§ **Task instructions**: Omit every picture and write out the rest of the records exactly.

::: Exercise data :::

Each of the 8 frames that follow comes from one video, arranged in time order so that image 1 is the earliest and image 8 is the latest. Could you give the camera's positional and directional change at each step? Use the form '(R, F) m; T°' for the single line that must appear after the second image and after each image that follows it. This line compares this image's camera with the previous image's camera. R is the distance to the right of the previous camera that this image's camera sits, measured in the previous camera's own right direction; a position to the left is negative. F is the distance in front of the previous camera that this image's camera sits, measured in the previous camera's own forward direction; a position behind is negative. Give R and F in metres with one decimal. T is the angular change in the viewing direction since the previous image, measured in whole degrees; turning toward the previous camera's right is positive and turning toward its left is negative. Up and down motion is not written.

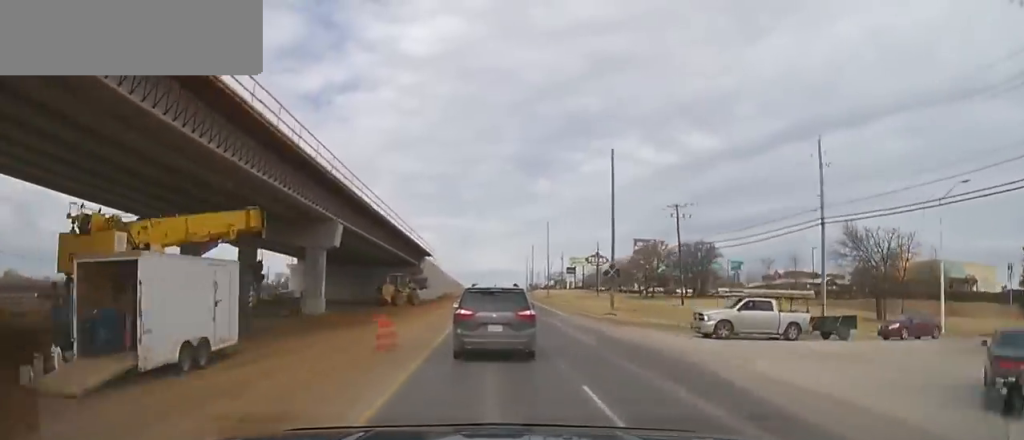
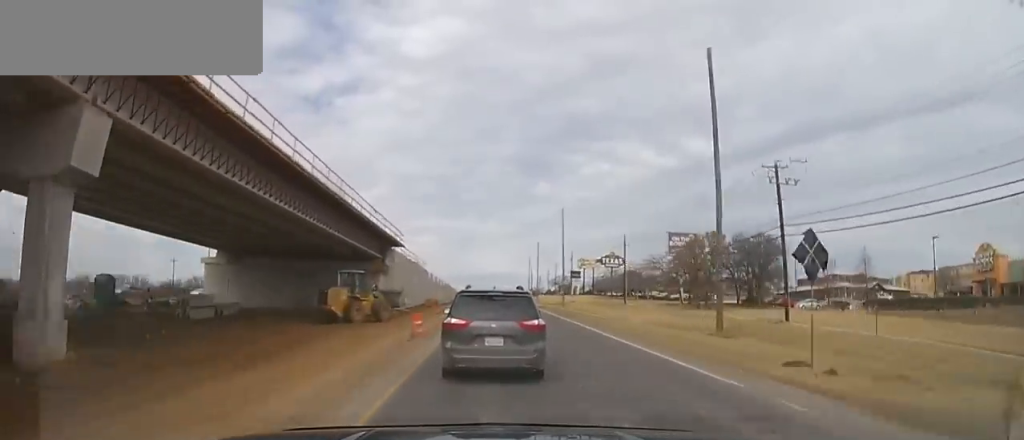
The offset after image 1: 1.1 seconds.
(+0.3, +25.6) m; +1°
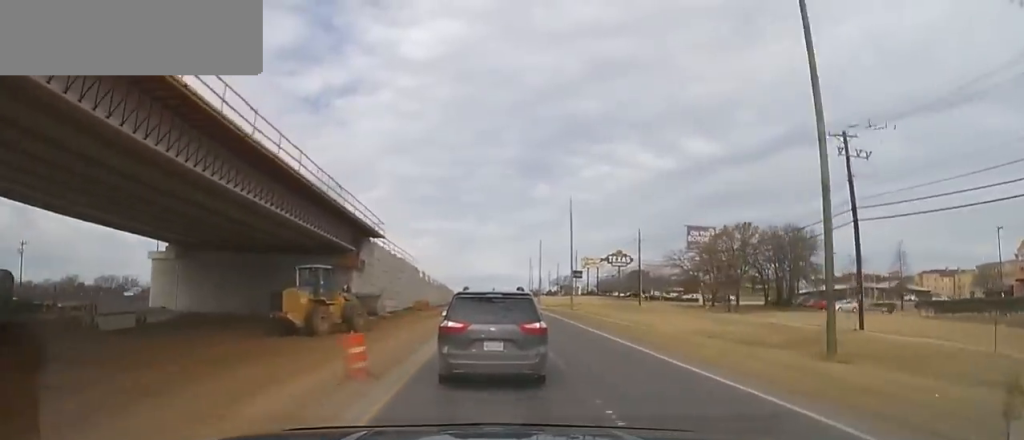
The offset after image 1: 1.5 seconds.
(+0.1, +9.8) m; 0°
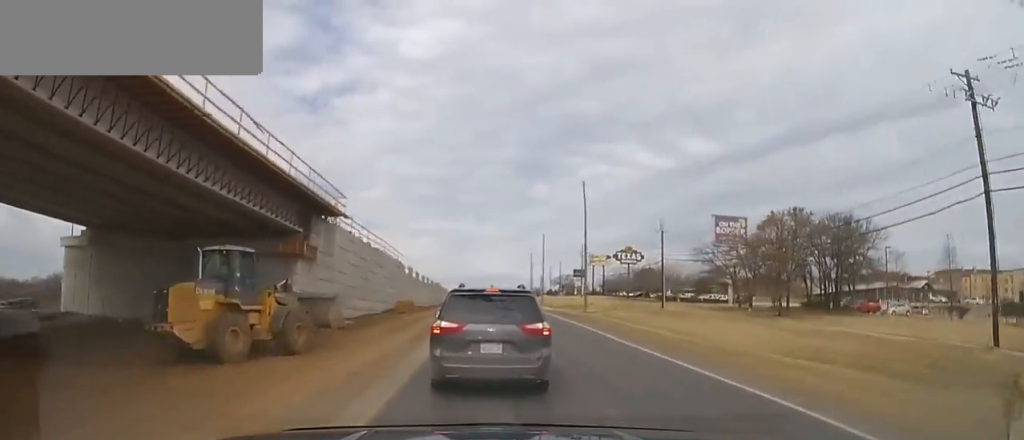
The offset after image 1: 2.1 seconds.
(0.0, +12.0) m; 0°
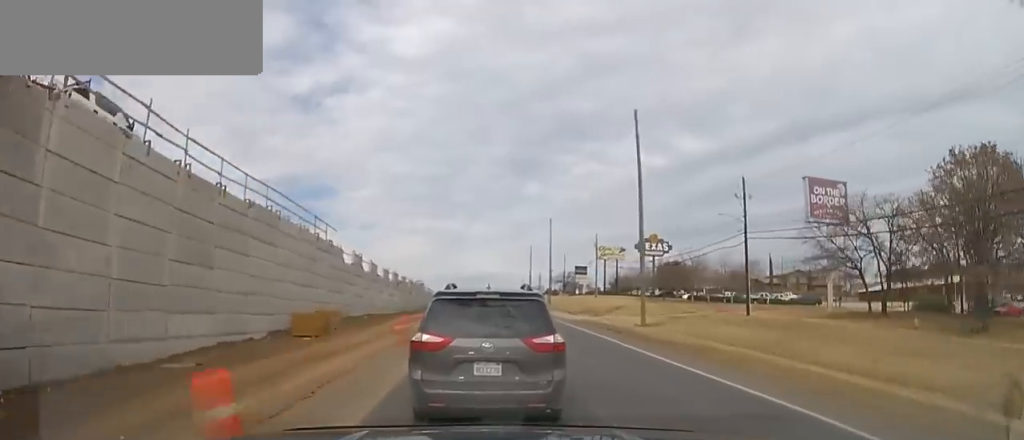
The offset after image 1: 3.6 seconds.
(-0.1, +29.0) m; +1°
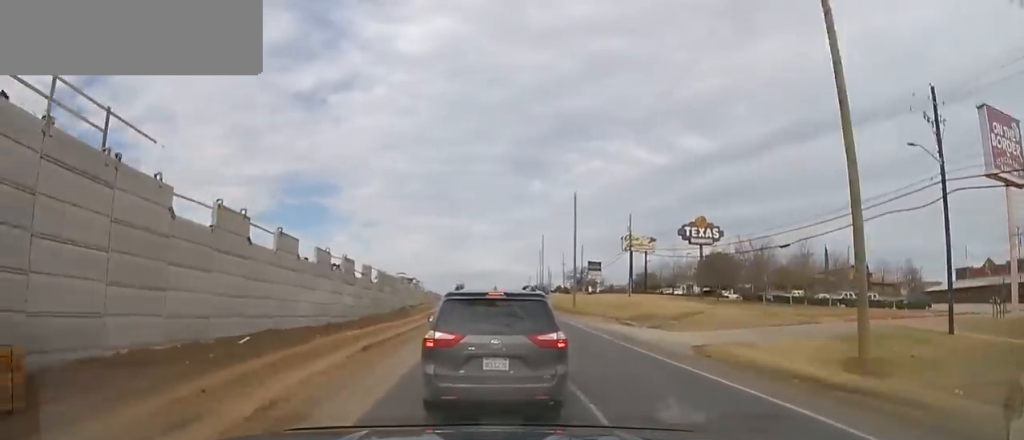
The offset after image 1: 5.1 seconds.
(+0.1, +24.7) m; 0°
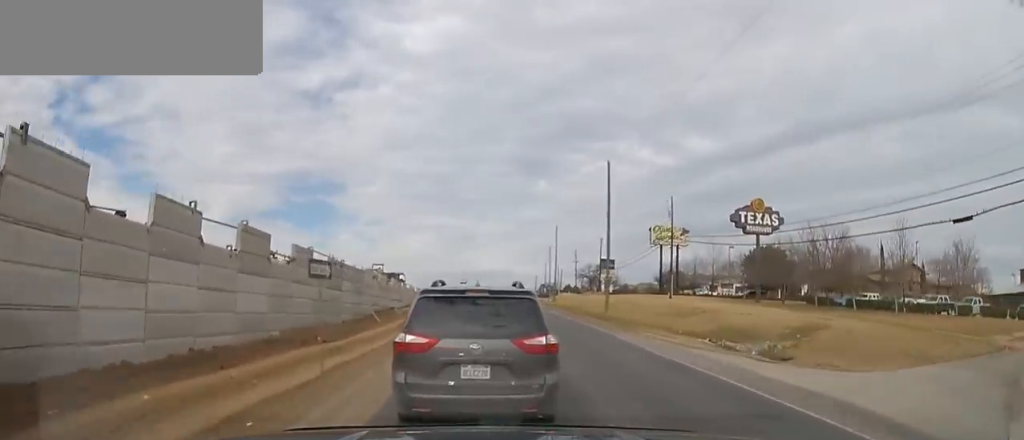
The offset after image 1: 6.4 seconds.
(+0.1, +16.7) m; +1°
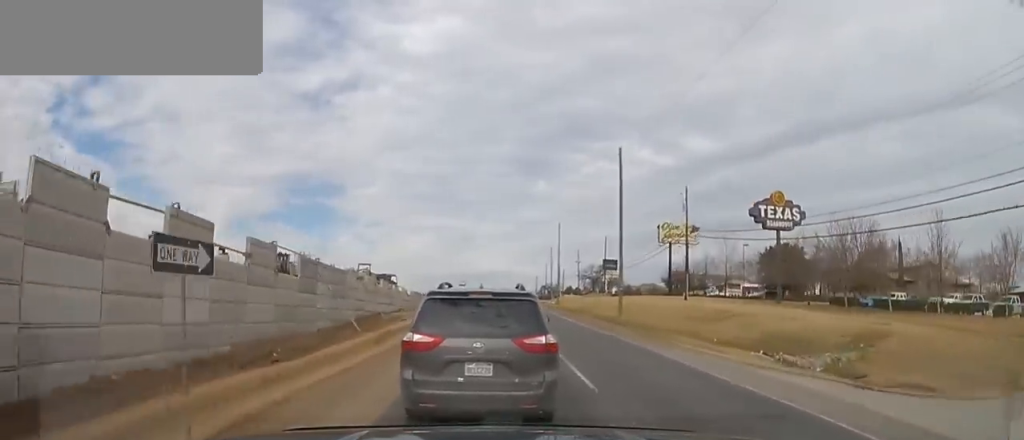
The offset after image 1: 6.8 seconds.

:::

§ **Response to the task**:
Each of the 8 frames that follow comes from one video, arranged in time order so that image 1 is the earliest and image 8 is the latest. Could you give the camera's positional and directional change at each step? Use the form '(R, F) m; T°' for the single line that must appear after the second image and after each image that follows it. This line compares this image's camera with the previous image's camera. R is the distance to the right of the previous camera that this image's camera sits, measured in the previous camera's own right direction; a position to the left is negative. F is the distance in front of the previous camera that this image's camera sits, measured in the previous camera's own forward direction; a position behind is negative. Give R and F in metres with one decimal. T is the angular change in the viewing direction since the previous image, measured in whole degrees; turning toward the previous camera's right is positive and turning toward its left is negative. Up and down motion is not written.

The offset after image 1: 1.1 seconds.
(+0.3, +25.6) m; +1°
The offset after image 1: 1.5 seconds.
(+0.1, +9.8) m; 0°
The offset after image 1: 2.1 seconds.
(0.0, +12.0) m; 0°
The offset after image 1: 3.6 seconds.
(-0.1, +29.0) m; +1°
The offset after image 1: 5.1 seconds.
(+0.1, +24.7) m; 0°
The offset after image 1: 6.4 seconds.
(+0.1, +16.7) m; +1°
The offset after image 1: 6.8 seconds.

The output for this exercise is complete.